Üst düzey diplomatik kaynak, Paris'in hareketlerini ABD tarafının yaptıklarıyla ‘koordine ettiğini’ vurguladı. Her halükârda ABD ve Fransa'nın yaklaşımlarının birleştiği bir nokta var: Paris de Washington gibi 2006 tarihli 1701 sayılı BM kararının uygulanmasına bağlı ve ‘6 Ekim'deki (Lübnan-İsrail sınırındaki) duruma geri dönülmeyeceğini’ düşünüyor. Kaynak, bazılarının savaşın durmasının bir yıldan fazla bir süre önce yaşananların silinmesi anlamına geleceğini düşünebileceğini de sözlerine ekledi. Ancak böyle bir şey olmayacak.
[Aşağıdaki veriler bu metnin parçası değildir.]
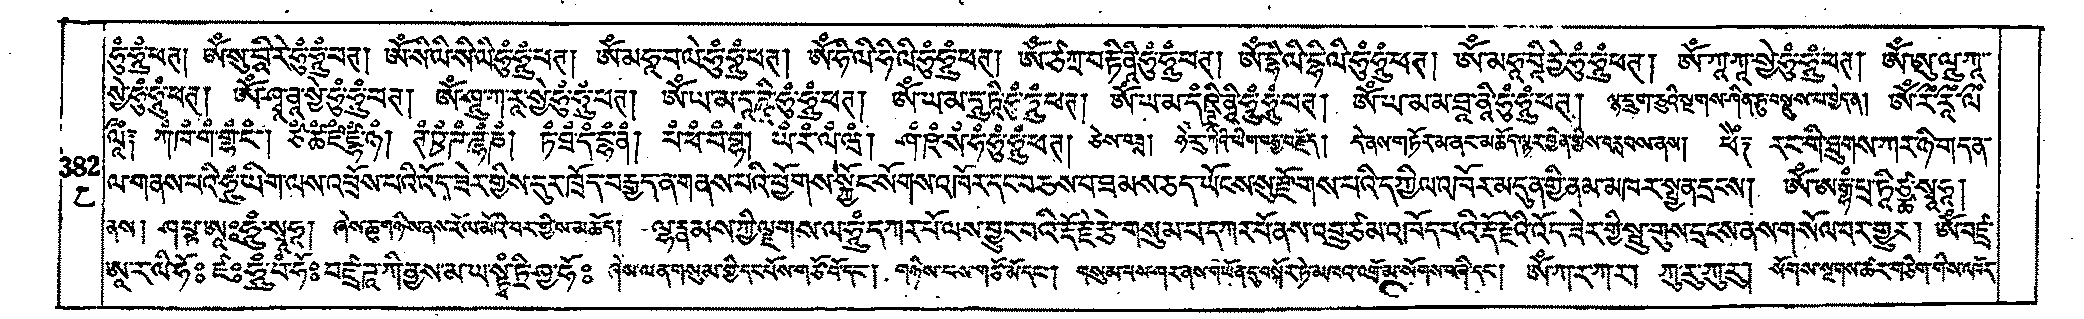ཧུཾ་ཧཱུཾ་ཕཊ། ཨོཾ་སུ་བཱི་རེ་ཧུཾ་ཧཱུཾ་ཕཊ། ཨོཾ་སི་ལི་སི་ལི་ཧུཾ་ཧཱུཾ་ཕཊ། ཨོཾ་མྷཱ་བ་ལེ་ཧུཾ་ཧཱུཾ་ཕཊ། ཨོཾ་ཧི་ལི་ཧི་ལི་ཧུཾ་ཧཱུཾ་ཕཊ། ཨོཾ་ཙཀྲ་བརྟི་ནི་ཧུཾ་ཧཱུཾ་ཕཊ། ཨོཾ་དྷི་ལི་དྷི་ལི་ཧུཾ་ཧཱུཾ་ཕཊ། ཨོཾ་མྷཱ་བཱི་རྱེ་ཧུཾ་ཧཱུཾ་ཕཊ། ཨོཾ་ཀཱ་ཀཱ་སྱེ་ཧུཾ་ཧཱུཾ་ཕཊ། ཨོཾ་ཨུ་ལཱུ་ཀཱ་་་
སྱེ་ཧུཾ་ཧཱུཾ་ཕཊ། ཨོཾ་ཥཱུ་ཀ་རཱ་སྱེ་ཧུཾ་ཧཱུཾ་ཕཊ། ཨོཾ་ཡ་མ་དཱ་དྷི་ཧུཾ་ཧཱུཾ་ཕཊ། ཨོཾ་ཡ་མ་དཱུ་ཏཱི་ཧུཾ་ཕཊ། ཨོཾ་ཡ་མ་དཾཥྚཱི་ནཱི་ཧཱུཾ་ཕཊ། ཨོཾ་ཡ་མ་མ་ཐཱ་ནཱི་ཧུཾ་ཧཱུཾ་ཕཊ། ལྷ་དྲུག་ཅུའི་སྔགས་ཤིན་ཏུ་བསྡུས་པ་བྱེད་ན། ཨོཾ་རྀཾ་རཱྀཾ་ལྀཾ་
ལཱྀཾ། ཀཾ་ཁཾ་གཾ་གྷཾ་ངཾ། ཙཾ་ཚཾ་ཛཾ་ཛྷཾ་ཉཾ། ཊཾ་ཊཿཨཾ་ཌཾ་ཌྷཾ་ཎཾ། ཏཾ་ཐཾ་དཾ་དྷཾ་ནཾ། པཾ་ཕཾ་བཾ་བྷཾ། ཡཾ་རཾ་ལཾ་ཝཾ། ཤཾ་ཥཾ་སཾ་ཧཾ་ཧུཾ་ཧཱུཾ་ཕཊ། ཅེས་བཟླ། ཧེ་རུ་ཀིའི་ཡིག་བརྒྱ་བརྗོད། དེ་ནས་གཏོར་མ་ནང་མཆོད་ལྟར་བྱིན་གྱིས་བརླབས་ནས།  ཕཻཾ༑ རང་གི་ཐུགས་ཀར་ཉི་གདན་་་
ལ་གནས་པའི་ཧཱུཾ་ཡིག་ལས་འཕྲོས་པའི་འོད་ཟེར་གྱིས་དུར་ཁྲོད་བརྒྱད་ན་གནས་པའི་ཕྱོགས་སྐྱོང་སོགས་འཁོར་དང་བཅས་པ་ཐམས་ཅད་ཡོངས་སུ་རྫོགས་པའི་དཀྱིལ་འཁོར་མདུན་གྱི་ནམ་མཁར་སྤྱན་དྲངས། ཨོཾ་ཨརྒྷཾ་པྲ་ཏཱིཙྪ་སྭཱཧཱ།
ནས།  ཤཔྟ་ཨཱཿཧཱུཾ་སྭཱཧཱ། ཞེས་ཆུ་གཉིས་ནས་རོལ་མོའི་བར་གྱིས་མཆོད།  ལྷ་རྣམས་ཀྱི་ལྗགས་ལ་ཧཱུཾ་དཀར་པོ་ལས་བྱུང་བའི་རྡོ་རྗེ་རྩེ་གསུམ་པ་དཀར་པོ་ནས་འབྲུ་ཙམ་འཁོད་པའི་རྡོ་རྗེའི་འོད་ཟེར་གྱི་སྦུ་གུས་དྲངས་ནས་གསོལ་བར་གྱུར། ཨོཾ་བཛྲ་
ཨཱ་ར་ལི་ཧོཿཛཿཧཱུཾ་བཾ་ཧོཿབཛྲ་ཌཱ་ཀི་ནྱ་ས་མ་ཡ་སྟྭཾ་ཏྲི་ཤྱ་ཧོཿ ཞེས་ལན་གསུམ་གྱི་དང་པོས་གཙོ་བོ་དང་། གཉིས་པས་གཙོ་མོ་དང་། གསུམ་པས་ཤར་ནས་གཡོན་དུ་བསྐོར་ཏེ་མཁའ་འགྲོ་མ་སོགས་བཞི་དང་།  ཨོཾ་ཀ་ར་ཀ་ར། ཀུ་རུ་ཀུ་རུ། སོགས་སྔགས་ཚར་གཅིག་གིས་འཁོར་

Paris Hizbullah'a bunu dikkate alması çağrısında bulundu.

Bununla birlikte Fransa, konferansı cumhurbaşkanlığı boşluğunda bir atılım yapmak için kullanmak istiyor ki bu da şüphesiz beklenen açıklamada önemli bir madde olacak.

Bu bağlamda Fransız kaynak, Paris tarafından kabul edilen ve ateşkes olmasa bile bir cumhurbaşkanının hızla seçilmesini öngören önerinin ateşkese ulaşılması için bir katalizör olabileceğini açıkladı. Bu öneri, Lübnan'ın daha sonra tüm Lübnan dosyasıyla ilgili olarak yapılacak temas ve müzakerelerde güçlü bir şekilde yer almasına yardımcı olacak. Kaynak, Paris'in Hizbullah'la iletişim kurmaya devam ettiğini, ancak bugün işlerin daha zor olduğunu kaydetti. Ayrıca Paris, İran'la da çeşitli düzeylerde diyaloğu sürdürüyor. İsrail'le ilişkileri ise son haftalarda yaşanan gerginliğe rağmen, Macron ile İsrail Başbakanı Binyamin Netanyahu arasındaki haftalık iletişimin de gösterdiği gibi normal seyrediyor.